Trotz aller Hitzeunanehmlichkeiten hat die FeenCon mal wieder ihren Status als unsere Lieblingsconvention bestätigt. Nicht nur, dass sich die Orga geradezu rührend um uns kümmert (Stromkabel vergessen? Kein Problem, wie viel braucht ihr?), auch die Besucher und anderen Aussteller sind absolut freundlich und hilfsbereit. Alles in allem ist es ein herrlich familiäres Klima, in dem wir uns unglaublich wohl fühlen. Es gab sogar Duschen im Außenbereich - eine willkommene Abkühlung bei diesem Wetter.

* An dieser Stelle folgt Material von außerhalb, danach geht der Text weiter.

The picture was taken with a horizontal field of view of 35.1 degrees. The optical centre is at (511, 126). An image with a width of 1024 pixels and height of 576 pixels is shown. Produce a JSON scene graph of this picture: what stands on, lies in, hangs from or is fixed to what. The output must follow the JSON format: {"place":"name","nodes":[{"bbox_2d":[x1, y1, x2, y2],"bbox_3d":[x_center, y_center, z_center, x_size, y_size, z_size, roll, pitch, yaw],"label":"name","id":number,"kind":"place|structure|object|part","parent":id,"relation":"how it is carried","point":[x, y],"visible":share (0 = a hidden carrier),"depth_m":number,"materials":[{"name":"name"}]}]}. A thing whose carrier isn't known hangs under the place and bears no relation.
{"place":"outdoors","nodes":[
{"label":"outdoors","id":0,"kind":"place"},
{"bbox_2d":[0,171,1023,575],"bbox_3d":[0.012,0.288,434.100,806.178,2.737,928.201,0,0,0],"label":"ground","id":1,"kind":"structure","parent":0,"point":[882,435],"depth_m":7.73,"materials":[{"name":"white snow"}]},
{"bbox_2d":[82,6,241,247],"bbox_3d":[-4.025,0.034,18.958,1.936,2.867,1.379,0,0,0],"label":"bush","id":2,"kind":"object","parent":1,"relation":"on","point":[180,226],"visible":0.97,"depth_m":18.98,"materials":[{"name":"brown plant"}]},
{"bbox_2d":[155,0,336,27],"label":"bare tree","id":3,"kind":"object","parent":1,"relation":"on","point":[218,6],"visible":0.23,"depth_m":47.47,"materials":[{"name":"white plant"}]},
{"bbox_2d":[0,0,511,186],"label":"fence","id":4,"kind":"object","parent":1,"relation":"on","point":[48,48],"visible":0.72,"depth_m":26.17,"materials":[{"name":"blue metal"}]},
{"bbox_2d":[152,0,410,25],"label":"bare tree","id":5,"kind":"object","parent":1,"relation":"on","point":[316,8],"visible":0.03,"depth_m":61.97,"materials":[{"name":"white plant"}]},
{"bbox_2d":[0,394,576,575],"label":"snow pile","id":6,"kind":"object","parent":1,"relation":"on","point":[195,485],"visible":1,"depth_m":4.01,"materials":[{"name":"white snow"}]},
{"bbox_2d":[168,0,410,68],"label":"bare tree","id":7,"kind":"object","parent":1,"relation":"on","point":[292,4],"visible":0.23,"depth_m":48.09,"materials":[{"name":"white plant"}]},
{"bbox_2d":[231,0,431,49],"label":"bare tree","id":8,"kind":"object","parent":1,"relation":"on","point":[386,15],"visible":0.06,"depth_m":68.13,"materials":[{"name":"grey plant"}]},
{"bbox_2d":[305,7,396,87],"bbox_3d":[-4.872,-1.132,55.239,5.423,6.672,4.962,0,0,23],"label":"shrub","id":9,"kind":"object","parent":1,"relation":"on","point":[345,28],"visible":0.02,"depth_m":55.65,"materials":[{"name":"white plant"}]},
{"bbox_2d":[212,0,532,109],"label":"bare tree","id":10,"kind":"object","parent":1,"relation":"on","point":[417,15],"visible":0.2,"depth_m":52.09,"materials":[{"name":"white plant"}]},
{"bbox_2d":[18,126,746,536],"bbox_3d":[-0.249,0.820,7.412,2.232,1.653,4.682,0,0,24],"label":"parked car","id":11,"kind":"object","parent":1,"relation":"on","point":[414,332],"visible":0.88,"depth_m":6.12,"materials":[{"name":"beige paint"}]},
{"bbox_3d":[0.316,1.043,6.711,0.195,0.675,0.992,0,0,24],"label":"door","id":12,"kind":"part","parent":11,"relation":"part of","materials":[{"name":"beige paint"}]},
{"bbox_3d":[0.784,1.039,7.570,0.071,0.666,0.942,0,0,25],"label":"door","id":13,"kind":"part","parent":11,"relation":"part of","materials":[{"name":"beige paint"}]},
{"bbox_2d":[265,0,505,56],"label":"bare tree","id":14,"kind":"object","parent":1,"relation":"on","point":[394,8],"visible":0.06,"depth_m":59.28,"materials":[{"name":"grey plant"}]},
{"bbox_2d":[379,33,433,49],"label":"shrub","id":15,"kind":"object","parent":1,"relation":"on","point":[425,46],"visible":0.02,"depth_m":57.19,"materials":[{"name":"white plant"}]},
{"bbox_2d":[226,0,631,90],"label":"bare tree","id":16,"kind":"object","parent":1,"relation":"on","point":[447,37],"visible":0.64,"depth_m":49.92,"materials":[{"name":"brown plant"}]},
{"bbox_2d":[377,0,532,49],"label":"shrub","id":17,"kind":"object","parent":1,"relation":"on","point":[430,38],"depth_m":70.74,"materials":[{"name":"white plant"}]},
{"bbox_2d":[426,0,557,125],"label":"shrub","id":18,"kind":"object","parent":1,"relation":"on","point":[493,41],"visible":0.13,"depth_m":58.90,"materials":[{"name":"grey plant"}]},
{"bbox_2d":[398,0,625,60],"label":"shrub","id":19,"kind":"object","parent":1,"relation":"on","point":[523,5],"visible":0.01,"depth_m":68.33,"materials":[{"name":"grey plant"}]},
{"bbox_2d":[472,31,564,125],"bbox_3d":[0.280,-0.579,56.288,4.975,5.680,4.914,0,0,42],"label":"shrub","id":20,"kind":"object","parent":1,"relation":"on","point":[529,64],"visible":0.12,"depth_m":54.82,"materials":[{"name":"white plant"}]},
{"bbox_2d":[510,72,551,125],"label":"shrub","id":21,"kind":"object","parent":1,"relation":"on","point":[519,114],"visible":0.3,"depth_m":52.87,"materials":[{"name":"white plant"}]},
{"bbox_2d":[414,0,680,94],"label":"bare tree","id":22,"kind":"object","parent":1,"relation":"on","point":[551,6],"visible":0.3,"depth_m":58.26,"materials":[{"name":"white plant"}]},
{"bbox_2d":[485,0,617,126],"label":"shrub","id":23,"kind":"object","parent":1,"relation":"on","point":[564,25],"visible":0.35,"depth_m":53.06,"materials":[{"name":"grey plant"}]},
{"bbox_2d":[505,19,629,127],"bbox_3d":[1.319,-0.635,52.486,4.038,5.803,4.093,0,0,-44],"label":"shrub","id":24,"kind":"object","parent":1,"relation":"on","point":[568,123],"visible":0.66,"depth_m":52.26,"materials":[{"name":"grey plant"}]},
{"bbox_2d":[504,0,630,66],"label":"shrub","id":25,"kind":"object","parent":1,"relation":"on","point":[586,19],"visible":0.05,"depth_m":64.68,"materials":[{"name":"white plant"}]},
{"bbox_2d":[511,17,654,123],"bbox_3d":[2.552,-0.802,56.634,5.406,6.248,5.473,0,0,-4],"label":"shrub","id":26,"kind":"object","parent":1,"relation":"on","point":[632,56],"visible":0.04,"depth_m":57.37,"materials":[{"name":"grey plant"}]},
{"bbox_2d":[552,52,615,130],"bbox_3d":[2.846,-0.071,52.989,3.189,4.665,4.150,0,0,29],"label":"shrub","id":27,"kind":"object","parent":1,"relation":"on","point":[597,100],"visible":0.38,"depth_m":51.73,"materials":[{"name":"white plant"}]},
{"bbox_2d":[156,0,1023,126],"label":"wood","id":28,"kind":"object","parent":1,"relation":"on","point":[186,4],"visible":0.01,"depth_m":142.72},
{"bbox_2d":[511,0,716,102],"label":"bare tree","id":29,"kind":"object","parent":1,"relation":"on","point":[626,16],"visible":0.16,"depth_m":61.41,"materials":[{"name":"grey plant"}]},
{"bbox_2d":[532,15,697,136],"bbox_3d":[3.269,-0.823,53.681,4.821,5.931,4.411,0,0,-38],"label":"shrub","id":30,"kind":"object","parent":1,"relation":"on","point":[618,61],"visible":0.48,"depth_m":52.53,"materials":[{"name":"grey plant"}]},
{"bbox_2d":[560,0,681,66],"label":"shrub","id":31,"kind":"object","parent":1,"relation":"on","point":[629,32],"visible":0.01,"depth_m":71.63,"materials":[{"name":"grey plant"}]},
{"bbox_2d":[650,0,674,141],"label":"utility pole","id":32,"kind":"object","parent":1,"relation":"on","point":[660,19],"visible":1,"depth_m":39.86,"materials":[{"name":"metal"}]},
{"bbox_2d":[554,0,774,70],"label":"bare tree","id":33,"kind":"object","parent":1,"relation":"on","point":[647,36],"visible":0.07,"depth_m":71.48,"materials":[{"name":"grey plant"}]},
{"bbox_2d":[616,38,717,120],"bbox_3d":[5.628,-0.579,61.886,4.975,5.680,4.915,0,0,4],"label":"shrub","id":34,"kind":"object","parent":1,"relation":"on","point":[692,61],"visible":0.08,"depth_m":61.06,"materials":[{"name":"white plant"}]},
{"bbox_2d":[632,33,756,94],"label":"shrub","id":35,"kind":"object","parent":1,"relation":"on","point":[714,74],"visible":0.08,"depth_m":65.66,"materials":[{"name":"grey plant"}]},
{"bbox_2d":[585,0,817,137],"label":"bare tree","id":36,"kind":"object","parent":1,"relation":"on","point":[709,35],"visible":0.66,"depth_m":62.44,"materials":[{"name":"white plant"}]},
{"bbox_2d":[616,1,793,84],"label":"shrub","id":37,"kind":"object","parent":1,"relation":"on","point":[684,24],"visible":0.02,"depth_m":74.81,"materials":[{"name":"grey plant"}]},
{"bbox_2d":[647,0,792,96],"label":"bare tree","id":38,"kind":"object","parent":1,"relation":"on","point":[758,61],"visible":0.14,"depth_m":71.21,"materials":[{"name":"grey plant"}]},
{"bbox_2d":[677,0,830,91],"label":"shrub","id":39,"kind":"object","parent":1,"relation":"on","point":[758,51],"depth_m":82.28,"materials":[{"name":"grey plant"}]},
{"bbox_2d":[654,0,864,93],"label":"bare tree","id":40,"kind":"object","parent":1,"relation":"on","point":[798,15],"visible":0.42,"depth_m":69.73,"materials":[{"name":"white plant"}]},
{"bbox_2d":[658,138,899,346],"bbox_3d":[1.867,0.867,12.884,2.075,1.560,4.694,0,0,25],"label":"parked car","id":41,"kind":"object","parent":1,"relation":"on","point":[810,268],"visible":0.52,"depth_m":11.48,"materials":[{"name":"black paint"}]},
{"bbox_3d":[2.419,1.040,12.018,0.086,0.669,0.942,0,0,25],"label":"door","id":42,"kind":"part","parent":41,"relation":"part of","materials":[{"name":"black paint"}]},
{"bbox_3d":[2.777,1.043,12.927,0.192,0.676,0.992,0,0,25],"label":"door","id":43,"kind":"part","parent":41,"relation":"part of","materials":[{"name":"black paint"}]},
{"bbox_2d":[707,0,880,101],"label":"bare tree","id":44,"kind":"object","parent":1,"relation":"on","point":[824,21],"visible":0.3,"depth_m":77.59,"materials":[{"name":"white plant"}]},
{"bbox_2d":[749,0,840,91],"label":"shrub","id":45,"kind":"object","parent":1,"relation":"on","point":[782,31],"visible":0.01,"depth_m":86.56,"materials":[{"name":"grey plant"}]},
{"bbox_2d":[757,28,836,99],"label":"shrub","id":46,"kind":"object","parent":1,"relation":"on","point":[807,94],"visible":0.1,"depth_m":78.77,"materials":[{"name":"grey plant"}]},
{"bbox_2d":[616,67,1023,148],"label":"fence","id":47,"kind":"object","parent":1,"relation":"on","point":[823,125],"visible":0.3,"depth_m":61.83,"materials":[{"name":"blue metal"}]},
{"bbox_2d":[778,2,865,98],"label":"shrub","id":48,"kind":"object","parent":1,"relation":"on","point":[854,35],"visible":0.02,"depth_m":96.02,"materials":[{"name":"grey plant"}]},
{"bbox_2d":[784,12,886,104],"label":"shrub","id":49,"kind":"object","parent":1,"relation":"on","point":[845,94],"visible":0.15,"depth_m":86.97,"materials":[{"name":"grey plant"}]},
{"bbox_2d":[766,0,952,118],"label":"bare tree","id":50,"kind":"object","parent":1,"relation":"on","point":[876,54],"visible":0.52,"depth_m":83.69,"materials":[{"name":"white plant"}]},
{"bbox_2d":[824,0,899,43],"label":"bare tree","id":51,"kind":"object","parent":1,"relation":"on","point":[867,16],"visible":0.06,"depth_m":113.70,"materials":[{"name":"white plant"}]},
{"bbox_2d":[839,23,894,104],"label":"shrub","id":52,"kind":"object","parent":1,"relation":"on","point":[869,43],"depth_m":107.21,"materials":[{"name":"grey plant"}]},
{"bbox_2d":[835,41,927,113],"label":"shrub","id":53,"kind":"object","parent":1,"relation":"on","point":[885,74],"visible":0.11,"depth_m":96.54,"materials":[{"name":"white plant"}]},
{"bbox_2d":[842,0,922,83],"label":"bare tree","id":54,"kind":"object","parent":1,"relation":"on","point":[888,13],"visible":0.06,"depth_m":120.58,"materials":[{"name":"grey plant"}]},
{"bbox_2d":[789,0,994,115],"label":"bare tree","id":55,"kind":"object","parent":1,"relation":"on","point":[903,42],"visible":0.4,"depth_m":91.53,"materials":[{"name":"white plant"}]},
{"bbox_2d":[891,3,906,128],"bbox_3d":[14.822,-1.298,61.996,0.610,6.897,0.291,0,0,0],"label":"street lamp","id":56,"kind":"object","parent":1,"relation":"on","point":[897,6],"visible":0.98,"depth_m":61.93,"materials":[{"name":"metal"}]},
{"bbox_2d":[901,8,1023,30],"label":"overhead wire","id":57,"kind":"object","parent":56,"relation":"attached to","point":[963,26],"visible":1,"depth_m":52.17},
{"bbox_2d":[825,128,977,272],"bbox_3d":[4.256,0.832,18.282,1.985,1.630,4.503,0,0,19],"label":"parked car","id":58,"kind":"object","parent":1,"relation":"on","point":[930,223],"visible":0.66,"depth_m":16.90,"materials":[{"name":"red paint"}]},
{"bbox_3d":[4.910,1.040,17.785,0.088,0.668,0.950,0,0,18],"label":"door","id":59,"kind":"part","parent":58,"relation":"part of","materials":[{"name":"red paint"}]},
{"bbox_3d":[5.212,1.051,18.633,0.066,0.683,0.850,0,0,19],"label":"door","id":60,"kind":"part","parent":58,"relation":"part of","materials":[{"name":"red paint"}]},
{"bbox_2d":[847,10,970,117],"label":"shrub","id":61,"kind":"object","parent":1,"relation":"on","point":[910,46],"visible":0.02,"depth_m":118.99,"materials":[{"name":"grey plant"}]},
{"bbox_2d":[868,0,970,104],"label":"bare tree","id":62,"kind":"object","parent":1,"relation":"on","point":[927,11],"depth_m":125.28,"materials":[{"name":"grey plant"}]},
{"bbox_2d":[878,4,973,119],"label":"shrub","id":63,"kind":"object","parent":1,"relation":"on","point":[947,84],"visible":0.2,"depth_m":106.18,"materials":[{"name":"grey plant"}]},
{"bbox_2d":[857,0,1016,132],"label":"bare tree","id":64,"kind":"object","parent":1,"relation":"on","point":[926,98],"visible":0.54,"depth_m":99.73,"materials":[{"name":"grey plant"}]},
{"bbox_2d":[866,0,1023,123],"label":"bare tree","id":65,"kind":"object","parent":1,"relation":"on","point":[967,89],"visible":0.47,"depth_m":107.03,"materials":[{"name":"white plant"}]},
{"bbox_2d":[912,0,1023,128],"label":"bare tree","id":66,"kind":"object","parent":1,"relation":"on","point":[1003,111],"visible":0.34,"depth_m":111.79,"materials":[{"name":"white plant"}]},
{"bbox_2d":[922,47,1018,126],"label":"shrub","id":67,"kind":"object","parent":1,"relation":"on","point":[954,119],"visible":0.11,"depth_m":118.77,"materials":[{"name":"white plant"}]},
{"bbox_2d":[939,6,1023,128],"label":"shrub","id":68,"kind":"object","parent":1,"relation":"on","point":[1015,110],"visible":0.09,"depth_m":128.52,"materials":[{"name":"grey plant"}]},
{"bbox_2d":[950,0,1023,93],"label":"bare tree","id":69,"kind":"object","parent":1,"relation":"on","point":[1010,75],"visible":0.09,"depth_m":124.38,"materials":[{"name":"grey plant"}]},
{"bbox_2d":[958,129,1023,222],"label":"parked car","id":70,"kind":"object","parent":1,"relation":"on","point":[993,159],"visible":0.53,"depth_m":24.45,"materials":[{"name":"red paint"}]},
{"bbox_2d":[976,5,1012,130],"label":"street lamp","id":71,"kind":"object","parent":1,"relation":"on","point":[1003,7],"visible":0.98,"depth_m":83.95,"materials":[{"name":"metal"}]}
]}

Ganz besonders gefreut hat uns, dass einige Künstler mit uns die Tische getauscht hatten, sodass wir mit der großartigen DonKringel (unsere beste, tollste Unterstützung), der wundervollen cenyn und der supertolle Lisa (wir sind zu selten gemeinsam auf Cons!) zusammen in einem Abschnitt sitzen konnten. Das machte das vegetieren erträglicher.

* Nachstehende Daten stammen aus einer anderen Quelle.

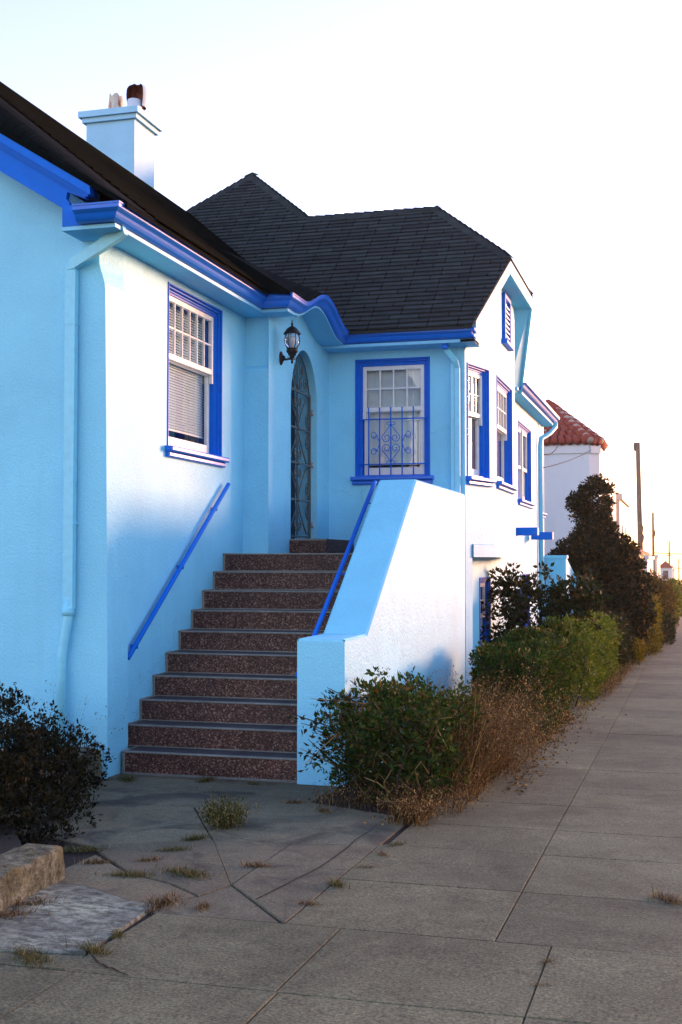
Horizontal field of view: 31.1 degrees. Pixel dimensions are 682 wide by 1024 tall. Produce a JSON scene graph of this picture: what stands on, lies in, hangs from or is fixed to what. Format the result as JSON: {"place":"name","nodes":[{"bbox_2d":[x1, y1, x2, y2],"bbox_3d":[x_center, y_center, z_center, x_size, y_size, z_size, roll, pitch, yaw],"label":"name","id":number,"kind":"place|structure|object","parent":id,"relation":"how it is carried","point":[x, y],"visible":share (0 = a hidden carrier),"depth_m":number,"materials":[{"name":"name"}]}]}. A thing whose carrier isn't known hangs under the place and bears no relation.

Neu am Stand war unser tolles Klappregal. Ab jetzt können wir die Geister ordentlich hochstapeln und müssen keine abenteuerlichen Pyramiden mehr bauen. Hussa!
Die Nacht war erstaunlich kühl, wahrscheinlich weil viele ihr Schlaflager nicht im Keller, sondern auf der Wiese draußen aufgeschlagen hatten. Dies kam für uns nicht in Frage, spätestens nachdem Nathalie von einer Kriebelmücke gebissen worden war. Die Biester lieben sie und da sie recht stark allergisch auf sie reagiert, wollte sie nicht gefressen werden.
Da wir WeicheiLuKen-Kinder früh in die Federn gefallen sind, waren wir am nächsten Morgen auch zeitig wach und zogen los, um Frühstück zu jagen und ein paar der beeindruckenden Häuserfassaden zu fotografieren. 
Der Sonntag war wie gewohnt ruhiger, auch wenn es anfangs leichte Verwirrung aufgrund des Verkaufsstarts gab. In diesem Jahr durften erst ab 11 Uhr Geld und Ware den Besitzer wechseln. Trotz allem war der Tag noch ein perfekter Ausklang, auch weil es ein bisschen kühler war als am Samstag.
Die Ruhe war schlagartig vorbei, als wir mit dem Abbau begangen, weil da die Hitze beschloss, mit ein bisschen Sturm abzutreten. Das führte zu lustigen Verfolgungsjagden auf dem Parkplatz, denn einige unserer leichten Sachen wollten lieber mit dem Wind spielen, als ins Auto zu wandern. Alles in allem hatten wir aber noch Glück, da die Schwerpunkte der Unwetter um uns herum lagen.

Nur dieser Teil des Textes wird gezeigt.